■ **Task**
Apart from the pictures, output all of the records exactly.

- - -

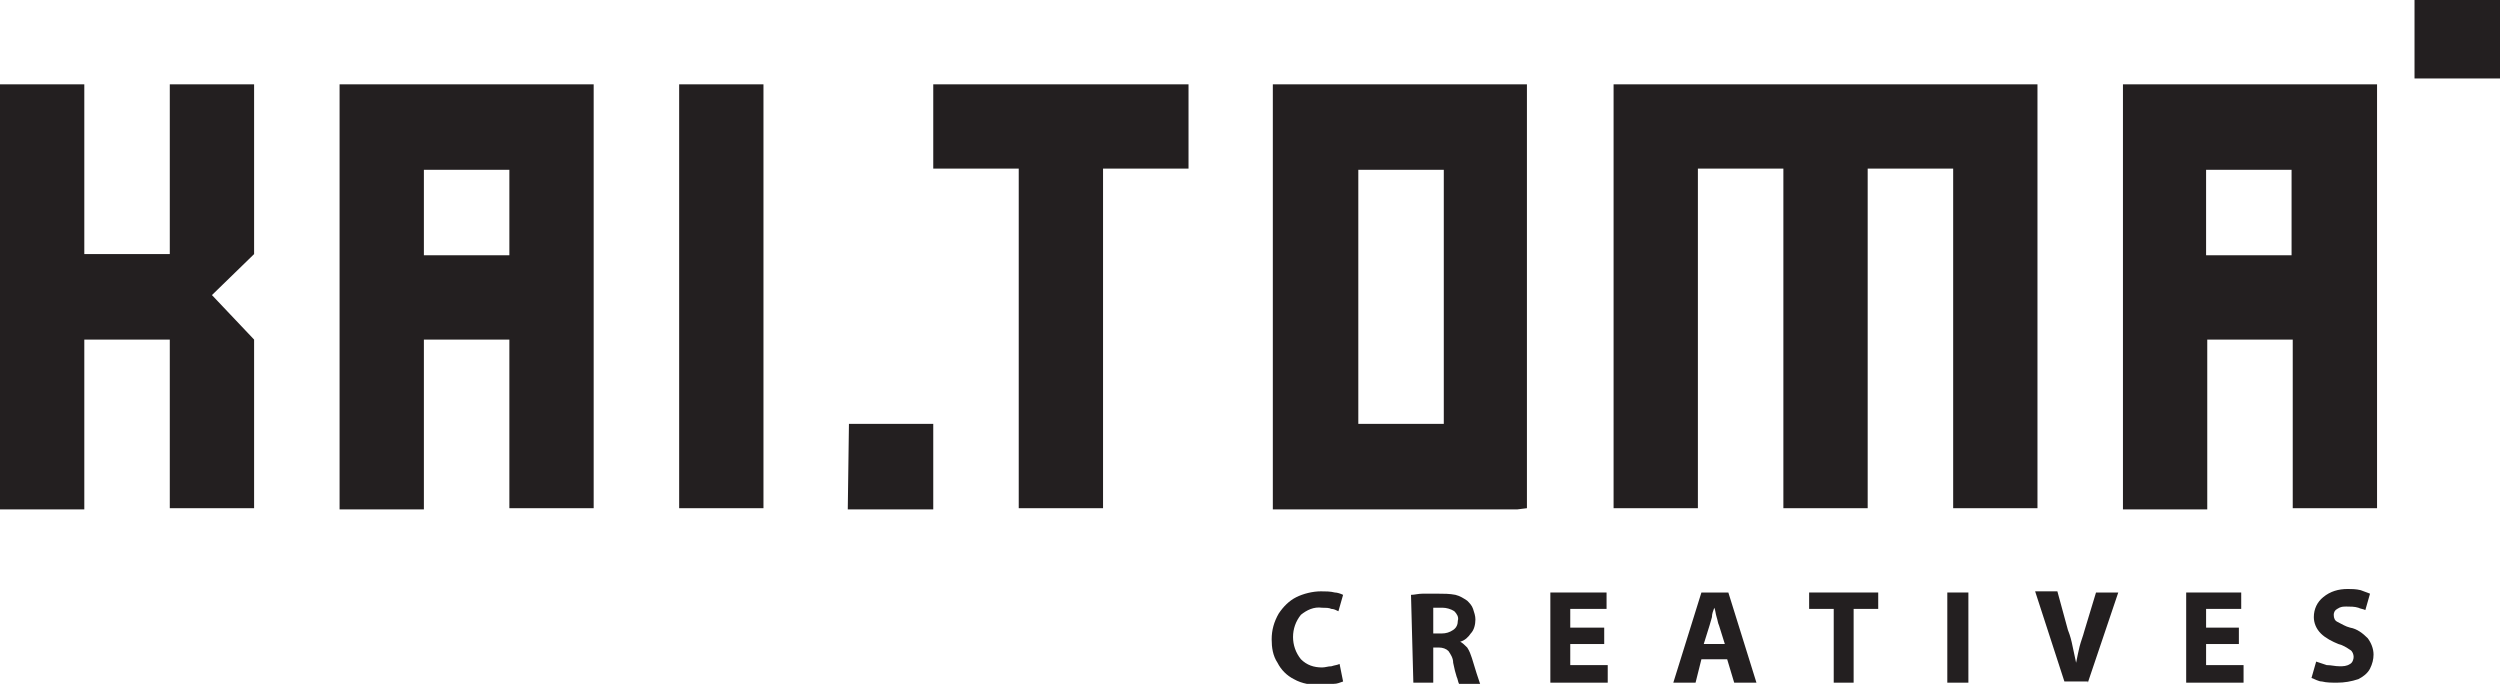 <?xml version="1.0" encoding="UTF-8"?>
<!-- Generator: Adobe Illustrator 23.0.1, SVG Export Plug-In . SVG Version: 6.00 Build 0)  -->
<svg xmlns="http://www.w3.org/2000/svg" xmlns:xlink="http://www.w3.org/1999/xlink" version="1.1" id="Layer_1" x="0px" y="0px" viewBox="0 0 213.5 58.4" style="enable-background:new 0 0 213.5 58.4;" xml:space="preserve">
<style type="text/css">
	.st0{fill:#231F20;}
</style>
<title>Kaitoma Logo</title>
<path class="st0" d="M36.2,21.8h7.3v-7.3h-7.3V21.8z M43.5,29h-7.3v14.5H29V7.2h21.7v36.2h-7.2V29z M58,7.2h7.2v36.2H58V7.2z   M14.5,7.2h7.2v14.5l-3.6,3.5l3.6,3.8v14.4h-7.2V29H7.2v14.5H0V7.2h7.2v14.5h7.3V7.2z M206.2,0h7.3v6.7h-7.3V0z M101.5,7.2v7.2h-7.3  v29H87v-29h-7.3V7.2H101.5z M181.7,7.2h21.3v36.2h-7.2V29h-7.3v14.5h-7.2V7.2H181.7z M195.7,14.5h-7.3v7.3h7.3V14.5z M174,7.2v36.2  h-7.2v-29h-7.3v29h-7.2v-29h-7.3v29h-7.2V7.2H174z M116,36.2h7.3V14.5H116V36.2z M129.6,43.5h-20.9V7.2h21.7v36.2L129.6,43.5z   M72.5,36.2h7.2v7.3h-7.3L72.5,36.2z"></path>
<path class="st0" d="M114.4,56.7c-0.2,0.1-0.4,0.1-0.7,0.2c-0.3,0-0.5,0.1-0.8,0.1c-0.7,0-1.3-0.2-1.8-0.7c-0.9-1.1-0.9-2.7,0-3.8  c0.5-0.4,1.1-0.7,1.8-0.6c0.3,0,0.6,0,0.8,0.1c0.2,0,0.4,0.1,0.6,0.2l0.4-1.4c-0.2-0.1-0.5-0.2-0.7-0.2c-0.4-0.1-0.8-0.1-1.2-0.1  c-0.7,0-1.5,0.2-2.1,0.5c-0.6,0.3-1.1,0.8-1.5,1.4c-0.4,0.7-0.6,1.4-0.6,2.2c0,0.7,0.1,1.4,0.5,2c0.3,0.6,0.8,1.1,1.4,1.4  c0.7,0.4,1.5,0.5,2.2,0.5c0.4,0,0.8,0,1.2-0.1c0.3,0,0.5-0.1,0.8-0.2L114.4,56.7z"></path>
<path class="st0" d="M122.4,51.9h0.3c0.1,0,0.3,0,0.5,0c0.3,0,0.7,0.1,1,0.3c0.2,0.2,0.4,0.5,0.3,0.8c0,0.3-0.1,0.6-0.4,0.8  c-0.3,0.2-0.6,0.3-1,0.3h-0.7L122.4,51.9z M120.7,58.3h1.7v-3h0.5c0.3,0,0.6,0.1,0.8,0.3c0.2,0.3,0.4,0.6,0.4,1  c0.1,0.5,0.2,0.9,0.3,1.2c0.1,0.2,0.1,0.4,0.2,0.6h1.8c-0.1-0.3-0.2-0.6-0.3-0.9l-0.4-1.3c-0.1-0.3-0.2-0.6-0.4-0.9  c-0.2-0.2-0.4-0.4-0.6-0.5l0,0c0.4-0.1,0.7-0.4,0.9-0.7c0.3-0.3,0.4-0.8,0.4-1.2c0-0.3-0.1-0.6-0.2-0.9c-0.1-0.3-0.3-0.5-0.5-0.7  c-0.3-0.2-0.6-0.4-1-0.5c-0.5-0.1-1-0.1-1.5-0.1c-0.5,0-0.9,0-1.3,0s-0.7,0.1-1,0.1L120.7,58.3z"></path>
<polygon class="st0" points="137,53.6 134.1,53.6 134.1,52 137.2,52 137.2,50.6 132.4,50.6 132.4,58.3 137.3,58.3 137.3,56.8   134.1,56.8 134.1,55 137,55 "></polygon>
<path class="st0" d="M145.5,55l0.5-1.6l0.2-0.7c0-0.3,0.1-0.5,0.2-0.8l0,0c0.1,0.2,0.1,0.5,0.2,0.8s0.1,0.5,0.2,0.7l0.5,1.6H145.5z   M147.5,56.3l0.6,2h1.9l-2.4-7.7h-2.3l-2.4,7.7h1.9l0.5-2L147.5,56.3z"></path>
<polygon class="st0" points="156.6,58.3 158.3,58.3 158.3,52 160.4,52 160.4,50.6 154.5,50.6 154.5,52 156.6,52 "></polygon>
<rect x="166.3" y="50.6" class="st0" width="1.8" height="7.7"></rect>
<path class="st0" d="M178.3,58.3l2.6-7.7h-1.9l-1,3.3c-0.1,0.4-0.3,0.9-0.4,1.3s-0.2,0.9-0.3,1.4l0,0c-0.1-0.5-0.2-0.9-0.3-1.4  s-0.2-0.9-0.4-1.4l-0.9-3.3h-1.9l2.5,7.7H178.3z"></path>
<polygon class="st0" points="191.2,53.6 188.4,53.6 188.4,52 191.4,52 191.4,50.6 186.7,50.6 186.7,58.3 191.6,58.3 191.6,56.8   188.4,56.8 188.4,55 191.2,55 "></polygon>
<path class="st0" d="M197.4,57.9c0.3,0.1,0.6,0.3,0.9,0.3c0.4,0.1,0.8,0.1,1.3,0.1c0.6,0,1.2-0.1,1.8-0.3c0.4-0.2,0.8-0.5,1-0.9  c0.2-0.4,0.3-0.8,0.3-1.2c0-0.5-0.2-1-0.5-1.4c-0.4-0.4-0.9-0.8-1.5-0.9c-0.4-0.1-0.7-0.3-1.1-0.5c-0.2-0.1-0.3-0.3-0.3-0.6  c0-0.2,0.1-0.4,0.3-0.5c0.3-0.2,0.5-0.2,0.8-0.2c0.3,0,0.7,0,1,0.1c0.2,0.1,0.4,0.1,0.6,0.2l0.4-1.4c-0.3-0.1-0.5-0.2-0.8-0.3  c-0.4-0.1-0.8-0.1-1.1-0.1c-0.8,0-1.5,0.2-2.1,0.7c-0.5,0.4-0.8,1-0.8,1.7c0,0.5,0.2,1,0.6,1.4c0.4,0.4,1,0.7,1.5,0.9  c0.4,0.1,0.7,0.3,1,0.5c0.2,0.1,0.3,0.4,0.3,0.6c0,0.2-0.1,0.5-0.3,0.6c-0.3,0.2-0.6,0.2-0.9,0.2c-0.4,0-0.7-0.1-1.1-0.1  c-0.3-0.1-0.6-0.2-0.9-0.3L197.4,57.9z"></path>
</svg>

- - -

■ **Your solution**
 <?xml version="1.0" encoding="UTF-8"?>
<!-- Generator: Adobe Illustrator 23.0.1, SVG Export Plug-In . SVG Version: 6.00 Build 0)  -->
<svg xmlns="http://www.w3.org/2000/svg" xmlns:xlink="http://www.w3.org/1999/xlink" version="1.1" id="Layer_1" x="0px" y="0px" viewBox="0 0 213.5 58.4" style="enable-background:new 0 0 213.5 58.4;" xml:space="preserve">
<style type="text/css">
	.st0{fill:#231F20;}
</style>
<title>Kaitoma Logo</title>
<path class="st0" d="M36.2,21.8h7.3v-7.3h-7.3V21.8z M43.5,29h-7.3v14.5H29V7.2h21.7v36.2h-7.2V29z M58,7.2h7.2v36.2H58V7.2z   M14.5,7.2h7.2v14.5l-3.6,3.5l3.6,3.8v14.4h-7.2V29H7.2v14.5H0V7.2h7.2v14.5h7.3V7.2z M206.2,0h7.3v6.7h-7.3V0z M101.5,7.2v7.2h-7.3  v29H87v-29h-7.3V7.2H101.5z M181.7,7.2h21.3v36.2h-7.2V29h-7.3v14.5h-7.2V7.2H181.7z M195.7,14.5h-7.3v7.3h7.3V14.5z M174,7.2v36.2  h-7.2v-29h-7.3v29h-7.2v-29h-7.3v29h-7.2V7.2H174z M116,36.2h7.3V14.5H116V36.2z M129.6,43.5h-20.9V7.2h21.7v36.2L129.6,43.5z   M72.5,36.2h7.2v7.3h-7.3L72.5,36.2z"></path>
<path class="st0" d="M114.4,56.7c-0.2,0.1-0.4,0.1-0.7,0.2c-0.3,0-0.5,0.1-0.8,0.1c-0.7,0-1.3-0.2-1.8-0.7c-0.9-1.1-0.9-2.7,0-3.8  c0.5-0.4,1.1-0.7,1.8-0.6c0.3,0,0.6,0,0.8,0.1c0.2,0,0.4,0.1,0.6,0.2l0.4-1.4c-0.2-0.1-0.5-0.2-0.7-0.2c-0.4-0.1-0.8-0.1-1.2-0.1  c-0.7,0-1.5,0.2-2.1,0.5c-0.6,0.3-1.1,0.8-1.5,1.4c-0.4,0.7-0.6,1.4-0.6,2.2c0,0.7,0.1,1.4,0.5,2c0.3,0.6,0.8,1.1,1.4,1.4  c0.7,0.4,1.5,0.5,2.2,0.5c0.4,0,0.8,0,1.2-0.1c0.3,0,0.5-0.1,0.8-0.2L114.4,56.7z"></path>
<path class="st0" d="M122.4,51.9h0.3c0.1,0,0.3,0,0.5,0c0.3,0,0.7,0.1,1,0.3c0.2,0.2,0.4,0.5,0.3,0.8c0,0.3-0.1,0.6-0.4,0.8  c-0.3,0.2-0.6,0.3-1,0.3h-0.7L122.4,51.9z M120.7,58.3h1.7v-3h0.5c0.3,0,0.6,0.1,0.8,0.3c0.2,0.3,0.4,0.6,0.4,1  c0.1,0.5,0.2,0.9,0.3,1.2c0.1,0.2,0.1,0.4,0.2,0.6h1.8c-0.1-0.3-0.2-0.6-0.3-0.9l-0.4-1.3c-0.1-0.3-0.2-0.6-0.4-0.9  c-0.2-0.2-0.4-0.4-0.6-0.5l0,0c0.4-0.1,0.7-0.4,0.9-0.7c0.3-0.3,0.4-0.8,0.4-1.2c0-0.3-0.1-0.6-0.2-0.9c-0.1-0.3-0.3-0.5-0.5-0.7  c-0.3-0.2-0.6-0.4-1-0.5c-0.5-0.1-1-0.1-1.5-0.1c-0.5,0-0.9,0-1.3,0s-0.7,0.1-1,0.1L120.7,58.3z"></path>
<polygon class="st0" points="137,53.6 134.1,53.6 134.1,52 137.2,52 137.2,50.6 132.4,50.6 132.4,58.3 137.3,58.3 137.3,56.8   134.1,56.8 134.1,55 137,55 "></polygon>
<path class="st0" d="M145.5,55l0.5-1.6l0.2-0.7c0-0.3,0.1-0.5,0.2-0.8l0,0c0.1,0.2,0.1,0.5,0.2,0.8s0.1,0.5,0.2,0.7l0.5,1.6H145.5z   M147.5,56.3l0.6,2h1.9l-2.4-7.7h-2.3l-2.4,7.7h1.9l0.5-2L147.5,56.3z"></path>
<polygon class="st0" points="156.6,58.3 158.3,58.3 158.3,52 160.4,52 160.4,50.6 154.5,50.6 154.5,52 156.6,52 "></polygon>
<rect x="166.3" y="50.6" class="st0" width="1.8" height="7.7"></rect>
<path class="st0" d="M178.3,58.3l2.6-7.7h-1.9l-1,3.3c-0.1,0.4-0.3,0.9-0.4,1.3s-0.2,0.9-0.3,1.4l0,0c-0.1-0.5-0.2-0.9-0.3-1.4  s-0.2-0.9-0.4-1.4l-0.9-3.3h-1.9l2.5,7.7H178.3z"></path>
<polygon class="st0" points="191.2,53.6 188.4,53.6 188.4,52 191.4,52 191.4,50.6 186.7,50.6 186.7,58.3 191.6,58.3 191.6,56.8   188.4,56.8 188.4,55 191.2,55 "></polygon>
<path class="st0" d="M197.4,57.9c0.3,0.1,0.6,0.3,0.9,0.3c0.4,0.1,0.8,0.1,1.3,0.1c0.6,0,1.2-0.1,1.8-0.3c0.4-0.2,0.8-0.5,1-0.9  c0.2-0.4,0.3-0.8,0.3-1.2c0-0.5-0.2-1-0.5-1.4c-0.4-0.4-0.9-0.8-1.5-0.9c-0.4-0.1-0.7-0.3-1.1-0.5c-0.2-0.1-0.3-0.3-0.3-0.6  c0-0.2,0.1-0.4,0.3-0.5c0.3-0.2,0.5-0.2,0.8-0.2c0.3,0,0.7,0,1,0.1c0.2,0.1,0.4,0.1,0.6,0.2l0.4-1.4c-0.3-0.1-0.5-0.2-0.8-0.3  c-0.4-0.1-0.8-0.1-1.1-0.1c-0.8,0-1.5,0.2-2.1,0.7c-0.5,0.4-0.8,1-0.8,1.7c0,0.5,0.2,1,0.6,1.4c0.4,0.4,1,0.7,1.5,0.9  c0.4,0.1,0.7,0.3,1,0.5c0.2,0.1,0.3,0.4,0.3,0.6c0,0.2-0.1,0.5-0.3,0.6c-0.3,0.2-0.6,0.2-0.9,0.2c-0.4,0-0.7-0.1-1.1-0.1  c-0.3-0.1-0.6-0.2-0.9-0.3L197.4,57.9z"></path>
</svg>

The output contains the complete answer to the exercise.